**Exercise details**
Drop all images. Then write out each line below exactly as given.

[Stored records]
++++++++++
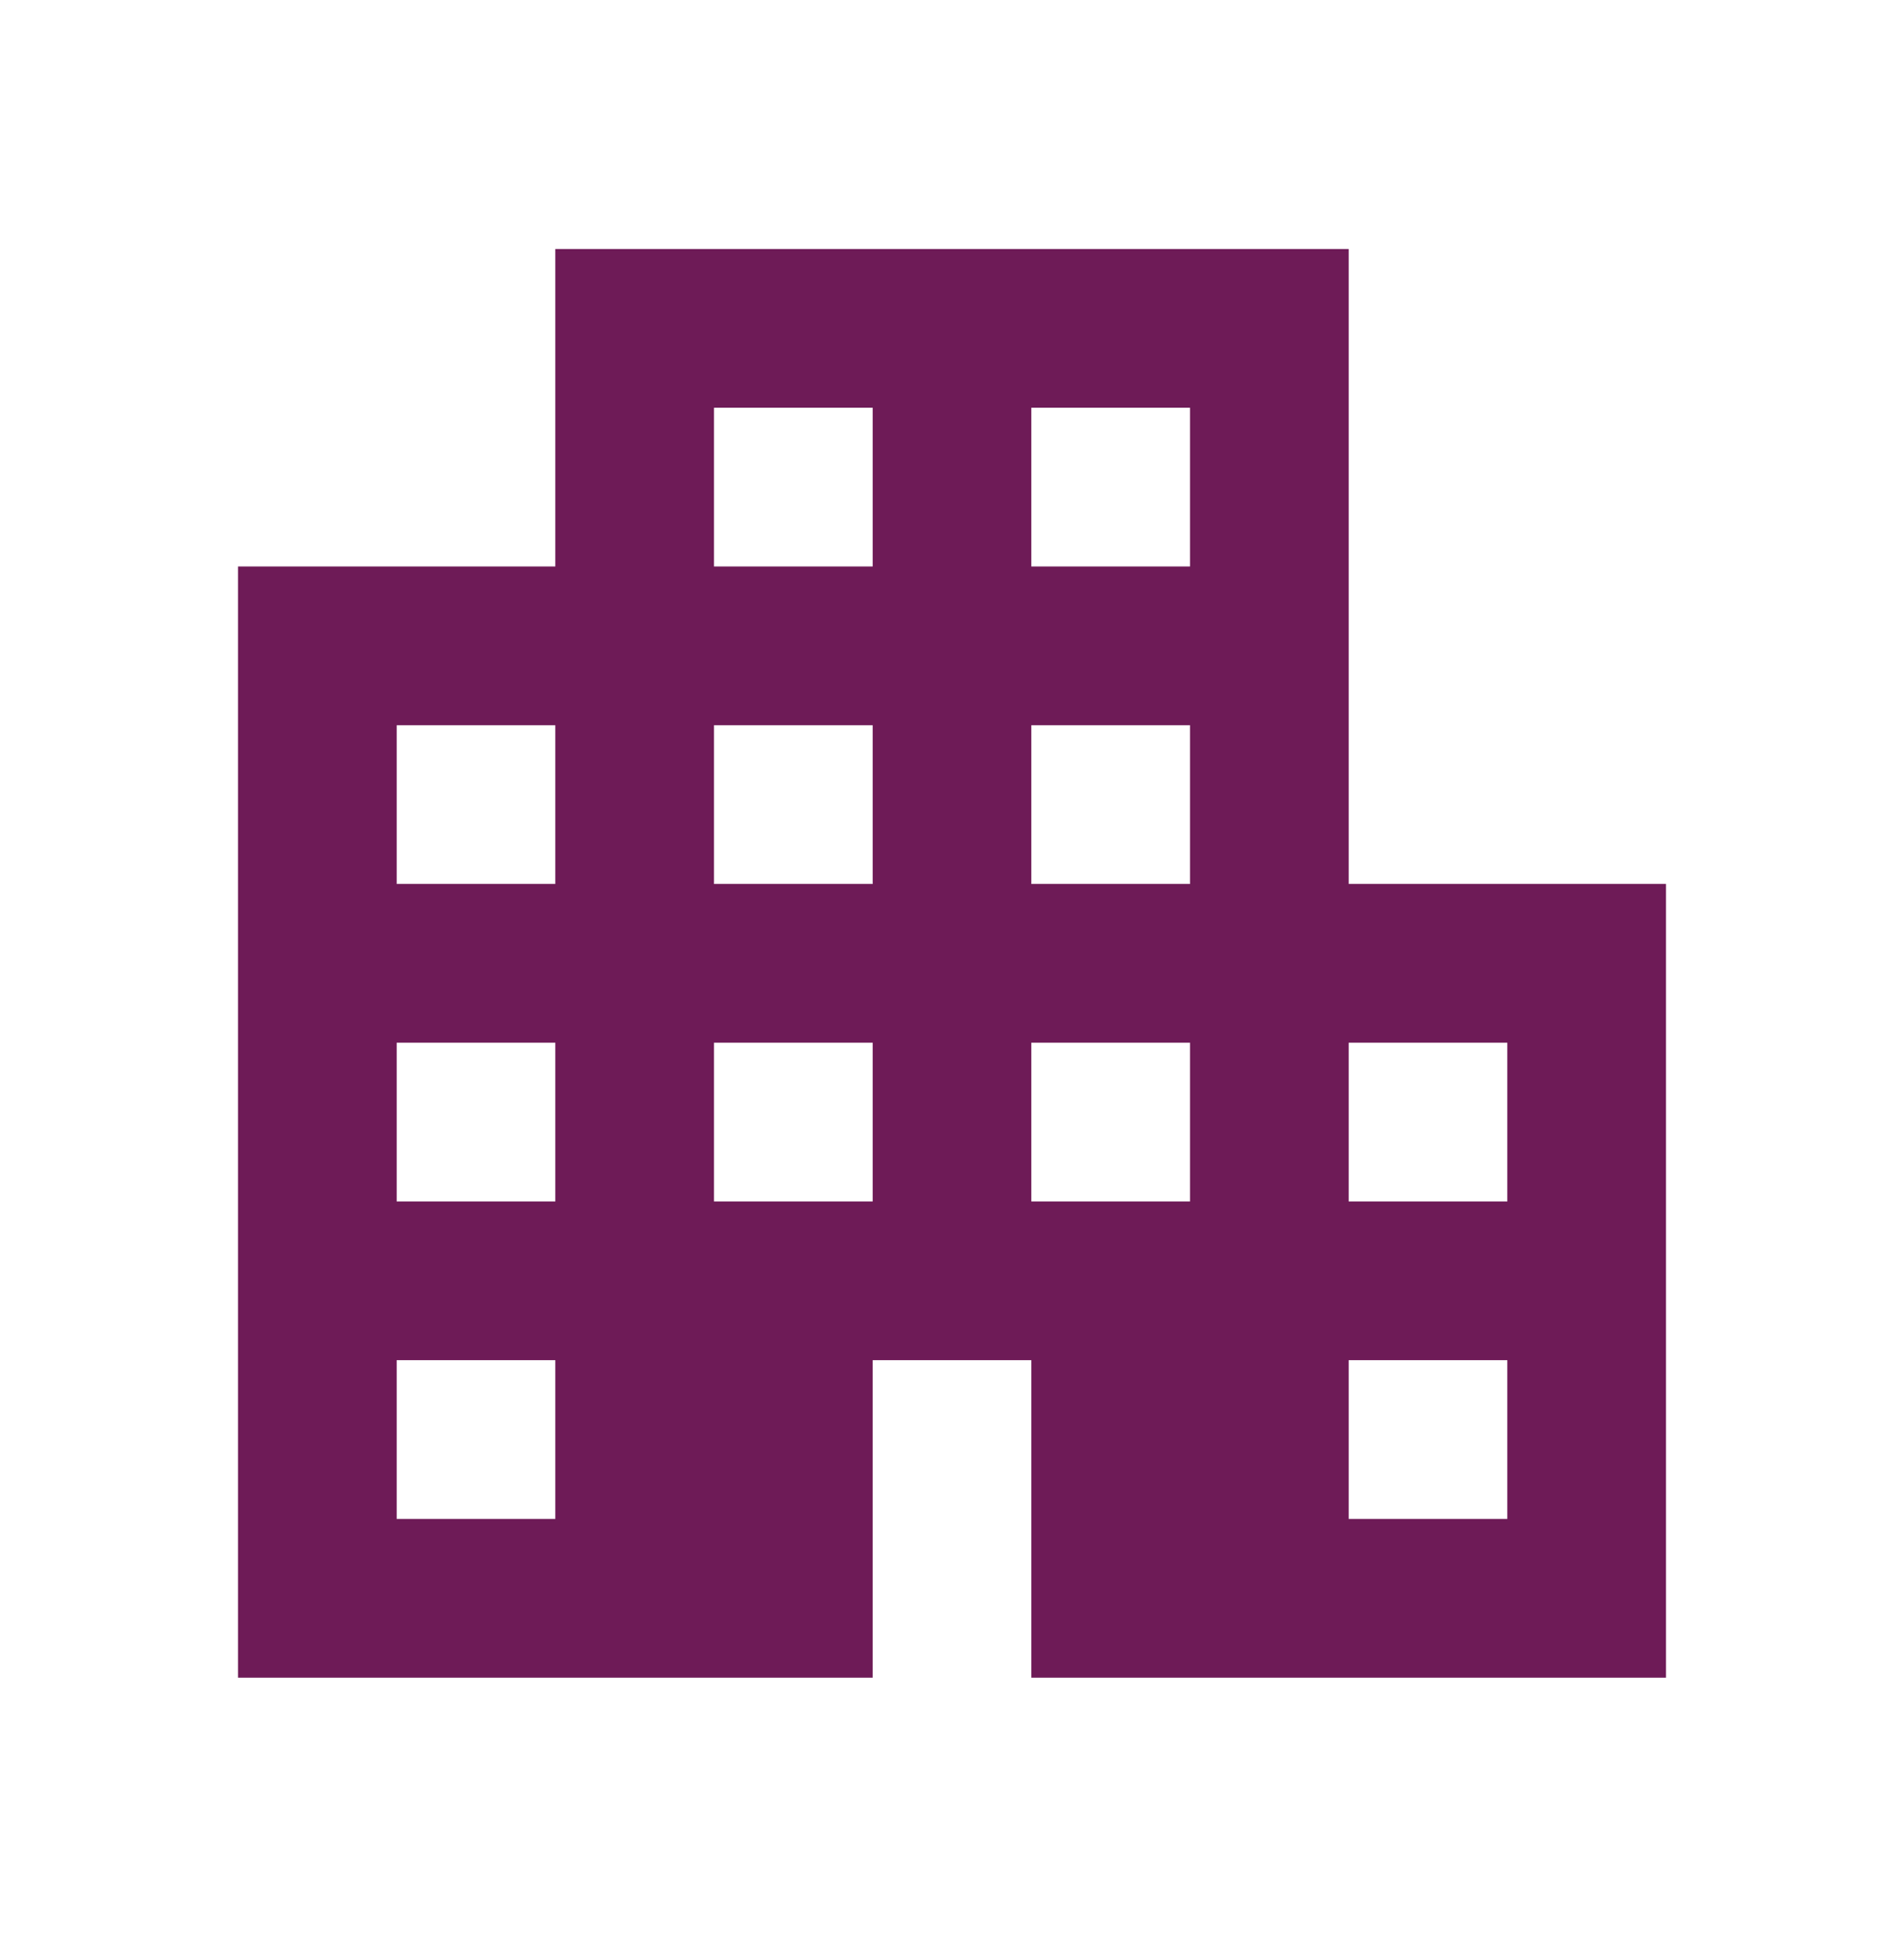 <svg width="50" height="51" viewBox="0 0 50 51" fill="none" xmlns="http://www.w3.org/2000/svg">
<mask id="mask0_562_1020" style="mask-type:alpha" maskUnits="userSpaceOnUse" x="0" y="0" width="50" height="51">
<rect y="0.286" width="50" height="50" fill="#D9D9D9"/>
</mask>
<g mask="url(#mask0_562_1020)">
<path d="M6.25 44.036V14.869H14.583V6.536H35.417V23.202H43.75V44.036H27.083V35.702H22.917V44.036H6.25ZM10.417 39.869H14.583V35.702H10.417V39.869ZM10.417 31.536H14.583V27.369H10.417V31.536ZM10.417 23.202H14.583V19.036H10.417V23.202ZM18.75 31.536H22.917V27.369H18.75V31.536ZM18.75 23.202H22.917V19.036H18.75V23.202ZM18.75 14.869H22.917V10.702H18.75V14.869ZM27.083 31.536H31.25V27.369H27.083V31.536ZM27.083 23.202H31.25V19.036H27.083V23.202ZM27.083 14.869H31.25V10.702H27.083V14.869ZM35.417 39.869H39.583V35.702H35.417V39.869ZM35.417 31.536H39.583V27.369H35.417V31.536Z" fill="#6E1B57"/>
</g>
</svg>
++++++++++
**Completed exercise**
 <svg width="50" height="51" viewBox="0 0 50 51" fill="none" xmlns="http://www.w3.org/2000/svg">
<mask id="mask0_562_1020" style="mask-type:alpha" maskUnits="userSpaceOnUse" x="0" y="0" width="50" height="51">
<rect y="0.286" width="50" height="50" fill="#D9D9D9"/>
</mask>
<g mask="url(#mask0_562_1020)">
<path d="M6.25 44.036V14.869H14.583V6.536H35.417V23.202H43.75V44.036H27.083V35.702H22.917V44.036H6.25ZM10.417 39.869H14.583V35.702H10.417V39.869ZM10.417 31.536H14.583V27.369H10.417V31.536ZM10.417 23.202H14.583V19.036H10.417V23.202ZM18.75 31.536H22.917V27.369H18.75V31.536ZM18.75 23.202H22.917V19.036H18.75V23.202ZM18.75 14.869H22.917V10.702H18.75V14.869ZM27.083 31.536H31.25V27.369H27.083V31.536ZM27.083 23.202H31.25V19.036H27.083V23.202ZM27.083 14.869H31.25V10.702H27.083V14.869ZM35.417 39.869H39.583V35.702H35.417V39.869ZM35.417 31.536H39.583V27.369H35.417V31.536Z" fill="#6E1B57"/>
</g>
</svg>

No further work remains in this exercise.